It evidently did not occur to the Guardian as troubling, that those pretending to be investigating the murder of Seth Rich have not looked at his laptop.
There is a very plain pattern here of agencies promoting the notion of a fake “Russian crime”, while failing to take the most basic and obvious initial steps if they were really investigating its existence. I might add to that, there has been no contact with me at all by those supposedly investigating. I could tell them these were leaks not hacks. Wikileaks. The clue is in the name.
So those “17 agencies” are not really investigating but are prepared to endorse weird Crowdstrike claims, like the idea that Russia’s security services are so amateur as to leave fingerprints with the name of their founder. If the Russians fed the material to Wikileaks, why would they also set up a vainglorious persona like Guccifer2 who leaves obvious Russia pointing clues all over the place?
Of course we need to add from the Wikileaks “Vault 7” leak release, information that the CIA specifically deploys technology that leaves behind fake fingerprints of a Russian computer hacking operation.
Crowdstrike have a general anti-Russian attitude. They published a report seeking to allege that the same Russian entities which “had hacked” the DNC were involved in targeting for Russian artillery in the Ukraine. This has been utterly discredited.
Some of the more crazed “Russiagate” allegations have been quietly dropped. The mainstream media are hoping we will all forget their breathless endorsement of the reports of the charlatan Christopher Steele, a former middle ranking MI6 man with very limited contacts that he milked to sell lurid gossip to wealthy and gullible corporations. I confess I rather admire his chutzpah.
Given there is no hacking in the Russian hacking story, the charges have moved wider into a vague miasma of McCarthyite anti-Russian hysteria. Does anyone connected to Trump know any Russians? Do they have business links with Russian finance?
Of course they do. Trump is part of the worldwide oligarch class whose financial interests are woven into a vast worldwide network that enslaves pretty well the rest of us. As are the Clintons and the owners of the mainstream media who are stoking up the anti-Russian hysteria. It is all good for their armaments industry interests, in both Washington and Moscow.
Trump’s judgement is appalling. His sackings or inappropriate directions to people over this subject may damage him.

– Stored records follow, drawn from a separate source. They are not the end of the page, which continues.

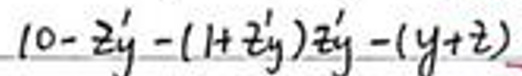
$1 0 - z _ { y } ^ { \prime } - ( 1 + z _ { y } ^ { \prime } ) z _ { y } ^ { \prime } - ( y + z )$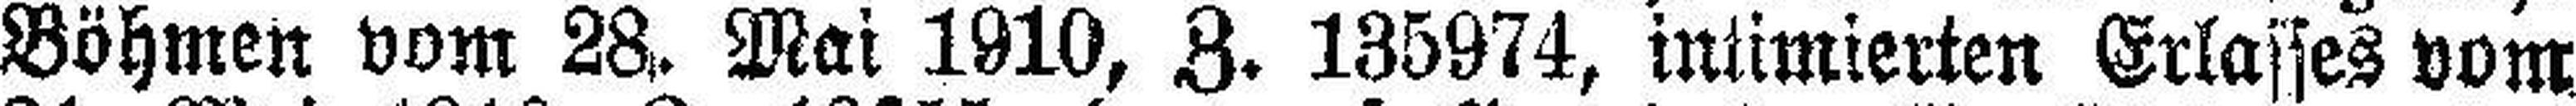
Böhmen vom 28. Mai 1910, Z. 135974, intimierten Erlasses vom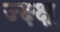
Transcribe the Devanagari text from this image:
ज्क्ष्क्ष्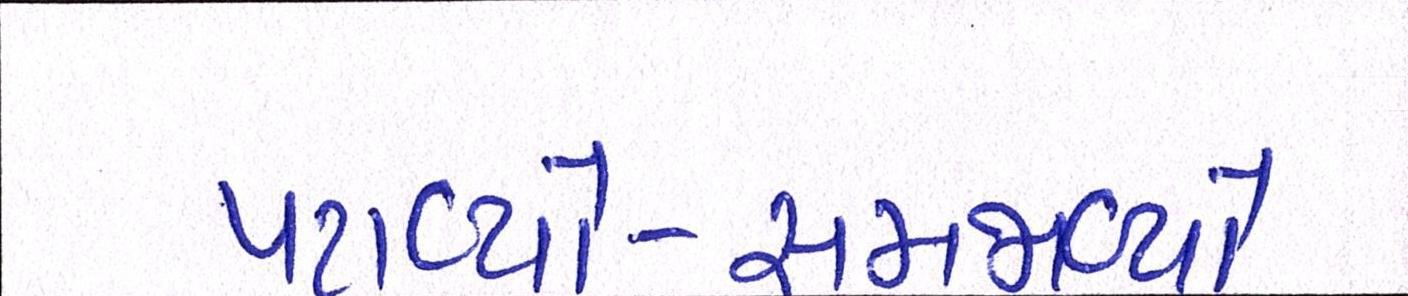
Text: પટાવ્યો-સમજાવ્યો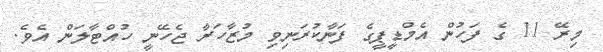
މިރޭ 11 ގެ ފަހުން އެމްޑީޕީގެ ފަނާކުރަނިވި މުޒާހަރާ ޖެހޭނީ ހުއްޓާލަން އެވެ.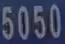
5050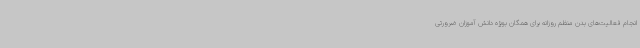
انجام فعالیت‌های بدن منظم روزانه برای همگان بویژه دانش آموزان ضرورتی

The old Watergate related wisdom is that it is not the crime that gets you, it is the cover-up. But there is a fundamental difference here. At the centre of Watergate there was an actual burglary. At the centre of Russian hacking there is a void, a hollow, and emptiness, an abyss, a yawning chasm. There is nothing there.
Those who believe that opposition to Trump justifies whipping up anti-Russian hysteria on a massive scale, on the basis of lies, are wrong. I remain positive that the movement Bernie Sanders started will bring a new dawn to America in the next few years. That depends on political campaigning by people on the ground and on social media. Leveraging falsehoods and cold war hysteria through mainstream media in an effort to somehow get Clinton back to power is not a viable alternative. It is a fantasy and even were it practical, I would not want it to succeed.

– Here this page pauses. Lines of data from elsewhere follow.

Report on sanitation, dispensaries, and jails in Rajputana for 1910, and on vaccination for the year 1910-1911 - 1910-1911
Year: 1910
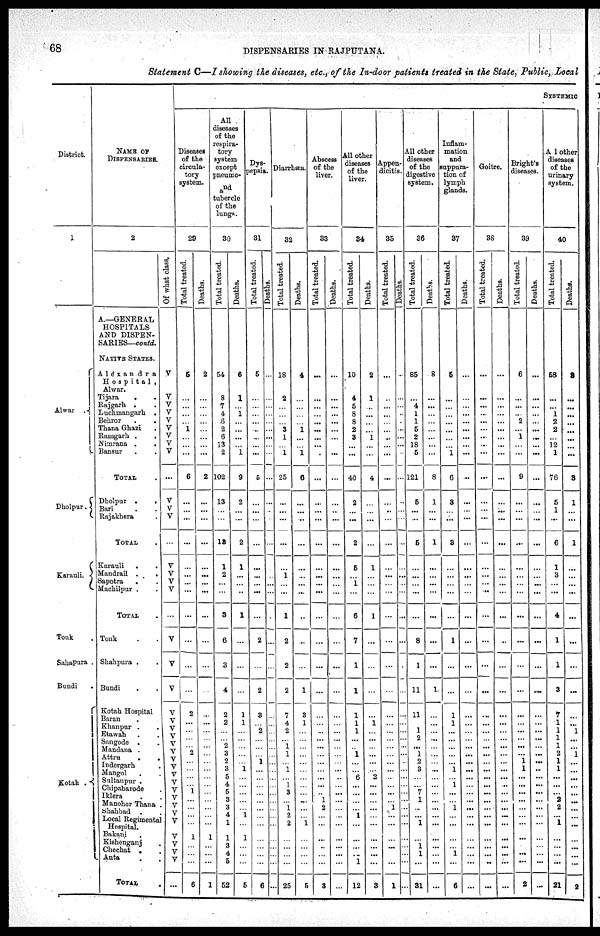
68
DISPENSARIES IN RAJPUTANA.
Statement C—I showing the diseases, etc., of the In-door patients treated in the State, Public, Local
District.
1
Alwar
.
Dholpur.
Karauli.
Tonk .
Sahapura .
Bundi .
Kotah
.
NAME OF
DISPENSARIES.
2
A—GENERAL
HOSPITALS
AND DISPEN-
SARIES—contd.
NATIVE STATES.
A1exandra
Hospital ,
Alwar.
Tijara . .
Rajgarh . .
Luchmangarh .
Behror
.
.
Thana Ghazi
Ramgarh . .
Nimrana
.
.
Bansur . .
TOTAL .
Dholpur .
.
Bari . .
Rajakhera .
TOTAL .
Karauli . .
Mandrail
.
.
Sapotra . .
Machilpur . .
TOTAL .
Tonk . .
Shahpura . .
Bundi . .
Kotah Hospital
Baran .
Khanpur . .
Etawah . .
Sangode . .
Mandana . .
Attru . .
Indorgarh .
Mangol . .
Sultanpur .
Chipabarode .
Iklera
Manoher Thana .
Shahbad . .
Local Regimental
Hospital.
Bakani
Kishenganj .
Chochat . .
Anta . .
TOTAL .
Of what class.
V
V
V
V
V
V
V
V
V
...
V
V
V
...
V
V
V
V
...
V
V
V
V
V
V
V
V
V
V
V
V
V
V
V
V
V
V
V
V
V
V
...
SYSTEMIC
Diseases
of the
circula-
tory
system.
29
Total treated.
5
...
...
...
...
1
...
...
...
6
...
...
...
...
...
...
...
...
...
...
...
...
2
...
...
...
... 2
...
...
...
...
1
...
...
...
...
1
...
...
...
6
Deaths.
2
...
...
...
...
...
...
...
...
2
...
...
...
...
...
...
...
...
...
...
...
...
...
...
...
...
...
...
...
...
...
...
...
...
...
...
...
1
...
...
...
1
All
diseases
of the
respira-
tory
system
except
pneumo-
and
tubercle
of the
lungs.
30
Total treated.
54
8
7
4
6
2
6
13
2
102
13
...
...
13
1
2
...
...
3
6
3
4
2
2
...
... 2
3
2
3
5
4
5
...
3
4
1
1
3
4
5
52
Deaths.
6
1
...
1
...
...
...
...
1
9
2
...
...
2
1
...
...
...
1
...
...
...
1
1
...
...
...
...
...
1
...
...
...
...
...
1
...
1
...
...
...
5
Dys-
pepsia.
31
Total treated.
5
...
...
...
...
...
...
...
...
5
...
...
...
...
...
...
...
...
...
2
...
2
3
...
2
...
...
...
1
...
...
...
...
...
...
...
...
...
...
...
...
6
Deaths.
...
...
...
...
...
...
...
...
...
...
...
...
...
...
...
...
...
...
...
...
...
...
...
...
...
...
...
...
...
...
...
...
...
...
...
...
...
...
...
...
...
...
Diarrhæa.
32
Total treated.
18
2
...
...
...
3
1
...
1
25
...
...
...
...
...
1
...
...
1
2
2
2
7
4
2
... 1
...
...
1
...
1
3
...
...
...
2
...
...
...
...
25
Deaths.
4
...
...
...
...
1
...
...
1
6
...
...
...
...
...
...
...
...
...
...
...
1
3
1
...
...
...
...
...
...
...
...
...
... ...
...
1
...
...
...
...
5
Abscess
of the
liver.
33
Total treated.
...
...
...
...
...
...
...
...
...
...
...
...
...
...
...
...
...
...
...
...
...
...
...
...
..
...
...
...
...
...
...
...
...
... 1
...
...
...
...
...
...
3
Deaths.
...
...
...
...
...
...
...
...
...
...
...
...
...
...
...
...
...
...
...
...
...
...
...
...
...
...
...
...
...
...
...
...
...
...
...
...
...
...
...
...
...
...
All other
diseases
of the
liver.
34
Total treated.
10
4
5
8
8
2
3
...
...
40
2
...
...
2
5
...
1
...
6
7
1
1
1
1
1
...
...
...
...
...
6
...
...
...
...
...
...
...
...
...
1
12
Deaths.
2
1
...
...
...
...
1
...
...
4
...
...
...
...
1
...
...
...
1
...
...
...
...
1
...
...
...
...
...
...
2
...
...
...
...
...
...
...
...
...
...
3
Appen-
dicitis.
35
Total treated.
...
...
...
...
...
...
..
...
...
...
...
...
...
...
...
...
...
...
...
...
...
...
...
...
...
...
...
...
...
...
...
...
...
... 1
...
...
...
...
...
...
1
Deaths.
...
...
...
...
...
...
...
...
...
...
...
...
...
...
...
...
...
...
...
...
...
...
...
..
...
..
...
...
...
...
...
...
...
...
...
...
...
...
...
...
...
...
All other
diseases
of the
digestive
system.
36
Total treated.
85
...
4
1
1
5
2
18
5
121
5
...
...
5
...
...
...
...
...
8
1
11
11
...
1
2
...
...
2
3
...
...
7
...
...
...
1
...
1
1
...
31
Deaths.
8
...
...
...
...
...
...
...
...
8
1
...
...
1
...
...
...
...
...
...
...
1
...
...
...
...
...
...
...
...
...
...
...
... ...
...
...
...
...
...
...
...
Inflam-
mation
and
suppura-
tion of
lymph
glands.
37
Total treated.
5
...
...
...
...
...
...
...
1
6
3
...
...
3
...
...
...
...
...
1
...
...
1
1
...
...
...
...
...
1
...
1
...
...
...
...
...
...
...
1
...
6
Deaths.
...
...
...
...
...
...
...
...
...
...
...
...
...
...
...
...
...
...
...
...
...
...
...
...
...
...
...
... ...
...
...
...
...
...
...
...
...
...
...
...
...
...
Goitre.
38
Total treated.
...
...
...
...
...
...
...
..
...
...
...
...
...
...
...
...
...
...
...
...
...
...
...
...
...
...
...
...
...
...
...
...
...
... ...
...
...
...
...
...
...
...
Deaths.
...
...
...
...
...
...
...
...
...
...
...
...
...
...
...
...
...
...
...
...
...
...
...
...
...
...
...
...
...
...
...
...
...
...
...
...
...
...
...
...
...
...
Bright's
diseases.
39
Total treated.
6
...
...
...
2
... 1
...
...
9
...
...
...
...
...
...
...
...
...
...
...
...
...
...
...
...
...
... 1
1
...
...
...
... ...
...
...
...
...
...
...
2
Deaths.
...
...
...
...
...
...
...
...
...
...
...
...
...
...
...
...
...
...
...
...
...
...
...
...
...
...
...
...
...
...
...
...
...
... ...
...
...
...
...
...
...
...
Al1 other
diseases
of the
urinary
system.
40
Total treated.
58
...
...
1
2
2
...
12
1
76
5
1
...
6
1
3
...
...
4
1
1
3
7
1
1
1
1
2
1
1
...
...
...
2
2
...
1
...
...
...
...
21
Deaths.
3
...
...
...
...
...
...
...
...
3
1
...
...
1
...
...
...
...
...
...
...
...
...
...
1
...
...
1
...
...
...
...
...
...
...
...
...
...
...
...
...
3

The Guardian/Observer remains the house journal of the Blairites, and while they have temporarily turned down the volume on the Corbyn hate, it is a good place to assess how the right wing forces in Labour are planning to reassert themselves. And the answer is in part that they are clutching at racism like a drowning man clutching at a straw. Andrew Rawnsley, the epitome of the Blairite journalist who exudes overpaid entitlement, quotes with endorsement Gordon Brown protégé Natascha Engel, defeated Labour ex-MP for NE Derbyshire, who states “what we need to do is reconnect with our white working class voters”.
Now ask yourself, what is the purpose of the word “white” in that sentence?

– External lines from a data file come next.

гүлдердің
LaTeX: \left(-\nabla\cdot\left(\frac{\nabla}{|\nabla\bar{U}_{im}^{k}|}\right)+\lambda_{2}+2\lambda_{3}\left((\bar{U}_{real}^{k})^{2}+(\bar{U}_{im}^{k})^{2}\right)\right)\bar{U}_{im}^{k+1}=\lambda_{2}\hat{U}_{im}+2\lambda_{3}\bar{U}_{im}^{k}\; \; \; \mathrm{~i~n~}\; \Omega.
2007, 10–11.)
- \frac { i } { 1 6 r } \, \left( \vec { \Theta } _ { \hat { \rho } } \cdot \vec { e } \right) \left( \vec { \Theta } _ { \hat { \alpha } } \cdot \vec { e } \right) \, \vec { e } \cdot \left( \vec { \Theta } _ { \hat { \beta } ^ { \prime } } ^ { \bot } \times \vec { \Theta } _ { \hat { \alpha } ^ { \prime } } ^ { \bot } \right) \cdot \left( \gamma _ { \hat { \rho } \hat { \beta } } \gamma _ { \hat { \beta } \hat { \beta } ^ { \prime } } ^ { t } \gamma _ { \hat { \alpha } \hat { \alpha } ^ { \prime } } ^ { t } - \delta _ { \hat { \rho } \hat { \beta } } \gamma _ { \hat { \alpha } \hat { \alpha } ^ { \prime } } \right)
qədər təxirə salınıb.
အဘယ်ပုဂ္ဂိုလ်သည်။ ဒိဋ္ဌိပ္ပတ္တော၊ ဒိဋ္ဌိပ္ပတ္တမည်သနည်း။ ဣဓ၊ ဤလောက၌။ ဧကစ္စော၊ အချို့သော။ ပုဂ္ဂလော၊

Tom Watson, in a co-ordinated interview in the same edition also much quoted by Rawnsley, does not use the word white. He employs the euphemism “traditional”. He talks of the need to “give greater reassurance to our traditional working class voters.”
But we know exactly what the Labour right mean when they talk about reassuring the “white working class” or the “traditional working class”. They mean that Labour should mimic UKIP and the Tories and pander to popular anti-immigration racism.
“Deborah Mattinson, the strategy director of Britain Thinks, was involved in her first Labour campaign in 1987. She can’t be dismissed as a Tory stooge. After conducting extensive focus groups with swing voters in six marginal seats, she reports: “There were as many who voted Labour in spite of Corbyn as did because of Corbyn.”
That chimes with the views of the many Labour MPs who are still Corbyn-sceptics. They are keeping their heads down at the moment for fear of being monstered by Momentum activists and targeted for deselection, but their secret view is that the election result was not proof of a resounding endorsement of Corbynism. “Given that no one thought Labour could possibly win, it was a massive protest vote,” says one of their number.”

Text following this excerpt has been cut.